When I joined a big corporation after coming to this country about 25 years ago, I was surprised to hear the following opinion from my manager, a very good administrator with an MBA degree from MIT: “A highly qualified professional is like an important piece of equipment. When you need it, you buy it. When you do not, you get rid of it. "
Several years ago, I attended a meeting where a high-ranking executive of a large company spoke about leadership in front of an audience of engineers and scientists. The speaker, whose background was in both business administration and engineering, argued that an engineer or a scientist simply cannot be a high-level leader in an engineering company and should not be even trained to become one. Furthermore, in-depth technical knowledge should be viewed as a burden, an obstacle that prevents an engineering professional from becoming a successful leader by developing a broad understanding and a clear vision of various administrative, financial, and psychological issues.

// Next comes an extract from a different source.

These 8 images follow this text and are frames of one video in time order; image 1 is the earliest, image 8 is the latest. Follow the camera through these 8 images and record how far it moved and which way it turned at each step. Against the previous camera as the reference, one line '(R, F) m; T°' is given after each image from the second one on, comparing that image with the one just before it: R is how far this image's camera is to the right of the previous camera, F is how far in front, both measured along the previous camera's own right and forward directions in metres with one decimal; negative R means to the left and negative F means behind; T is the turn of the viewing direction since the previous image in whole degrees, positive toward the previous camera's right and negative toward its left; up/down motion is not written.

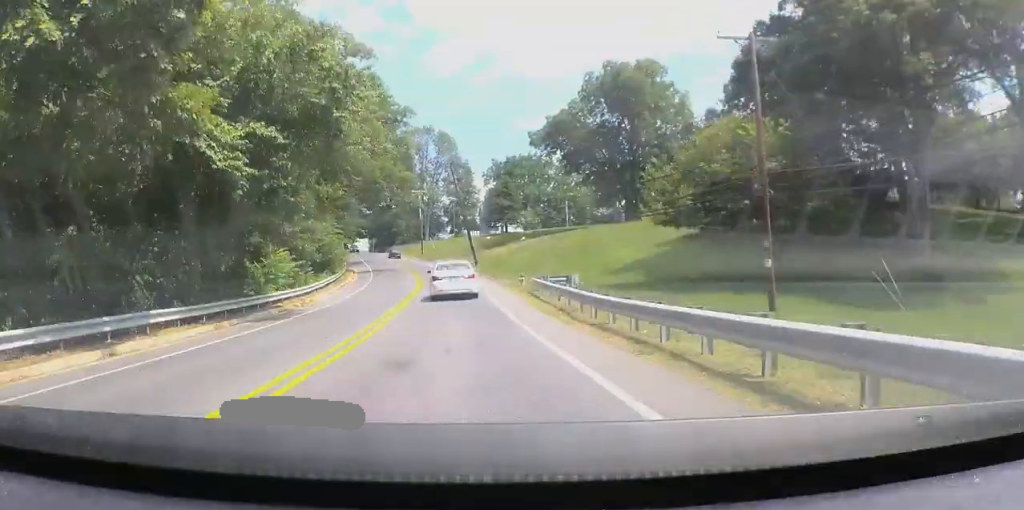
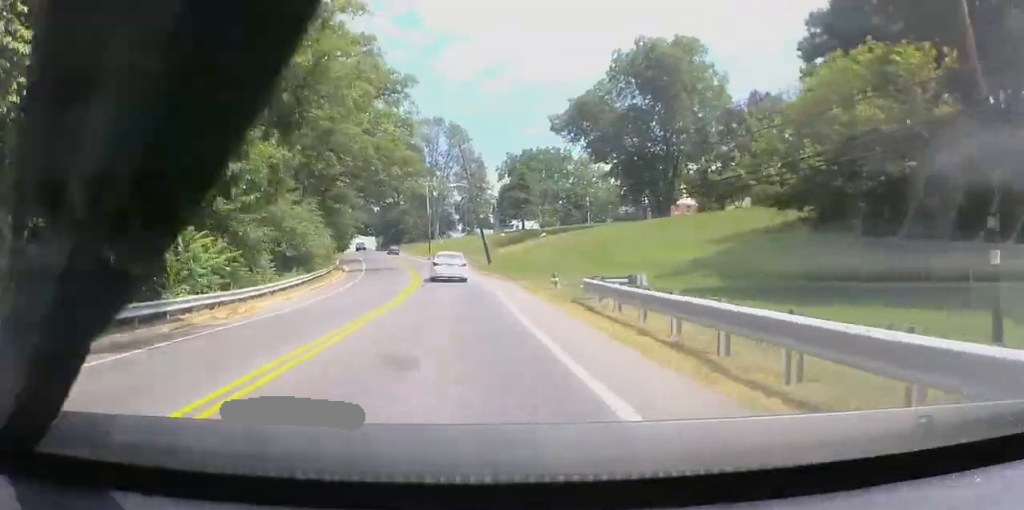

Such a viewpoint is widely held, especially in large corporations. But is it right? Is it not because of such a perception that the communication giant AT&T was brought by its leaders from its top position in the world just 20 years ago to its diminished fortunes today? Has the time of Edisons, Fords, Bells, and Marconis gone forever? Could an engineer or an applied scientist make a successful entrepreneur? What skills would one need?
We live in a world that needs creative leadership, and the necessity for effective scientific and technological entrepreneurship is increasing. Rapid technological change and the emerging global marketplace provide challenges for engineers and businessmen. Understanding how to recognize and evaluate market opportunities has become crucial in the new environment.
A technological professional with entrepreneurial skills has a better chance than a business administrator of moving innovations from research into manufacturing and the marketplace. The professional qualifications of an engineer are not an obstacle, but an important prerequisite for making a business successful. But, of course, it is the engineer's entrepreneurial abilities and business-oriented actions that will make the business successful. These same abilities and actions will make the engineer a valued enabler of society's wealth creation, and not a commodity in the global marketplace.
An engineering entrepreneur should be able to deal with uncertainty and ambiguity; be flexible; “mind someone else's business" in addition to his own; understand and be able to speak the language of other professionals and other entrepreneurs, not necessarily just that of his or her own engineering or business domain; possess effective lateral (functional) thinking and vertical (in-depth) thinking, as well as a team player's attitude; be able to be both a convincing “speaker" and an attentive “listener"; be able to understand, explain, and persuade, and possess courage to take on reasonable risks and responsibilities as a leader.
In addition, an engineering entrepreneur should be a good psychologist and a people-oriented person; have a creative and an inquisitive mind; be internationally conscious; be knowledgeable in foreign languages and cultures; be able to think on the international level and in international terms; exhibit interest in, and possess good knowledge of, foreign values, attitudes, and customs. Communication skills, both oral and written, are important, and computer skills are vital. Such skills have become ingrained into the modern culture, and are no longer only an element of education.
Since most American companies conduct a large share of their manufacturing and sales operations overseas, an engineering entrepreneur should understand the economics and financial aspects of an engineering effort (for example, how to make a product offshore, decide on best buy-vs. -develop strategies, and so on); be goal-oriented, aggressive, highly motivated, and be a creative performer; possess strong analytical and planning skills, as well as negotiating skills.
A thorough understanding of the state-of-the-art in many related areas of engineering is critical, as is a vision for the most promising directions in the development of applied science and engineering. An engineering entrepreneur should be able to work well in dynamic and rapidly changing environments, under pressure and in short time frames; possess an ability to work effectively across multiple organizations, boards, companies, and departments, and with specialists of different disciplines and fields, and with people of different mentalities, origins, and cultural backgrounds; be willing to learn new things and be receptive to, and have a quick grasp of, new approaches and ideas.
An engineer can and should possess business skills and become a good entrepreneur-that is, guide the business side, as well as the technological side, of a successful enterprise.